LISTED RECORDS.
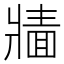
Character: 𱭔
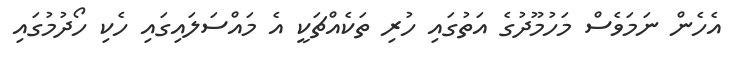
އެހެން ނަމަވެސް މަހުމޫދުގެ އަތުގައި ހުރި ތަކެއްޗަކީ އެ މައްސަލައިގައި ހެކި ހޯދުމުގައި
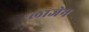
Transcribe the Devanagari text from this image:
लाजेन
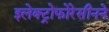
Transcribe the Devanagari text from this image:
इलेक्ट्रोफोरेसीनने
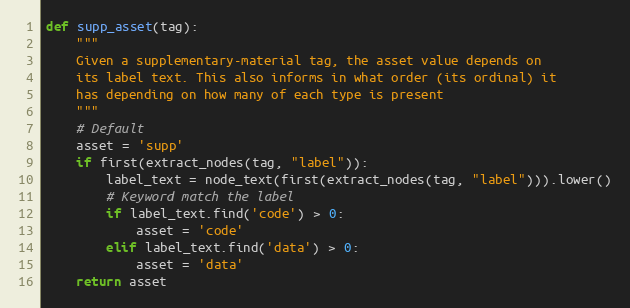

WHAT TO PRODUCE.
Give an exact copy of the material, leaving out every picture.

EXERCISE ANSWER.
Character: 𱭔
އެހެން ނަމަވެސް މަހުމޫދުގެ އަތުގައި ހުރި ތަކެއްޗަކީ އެ މައްސަލައިގައި ހެކި ހޯދުމުގައި
Transcribe the Devanagari text from this image:
लाजेन
Transcribe the Devanagari text from this image:
इलेक्ट्रोफोरेसीनने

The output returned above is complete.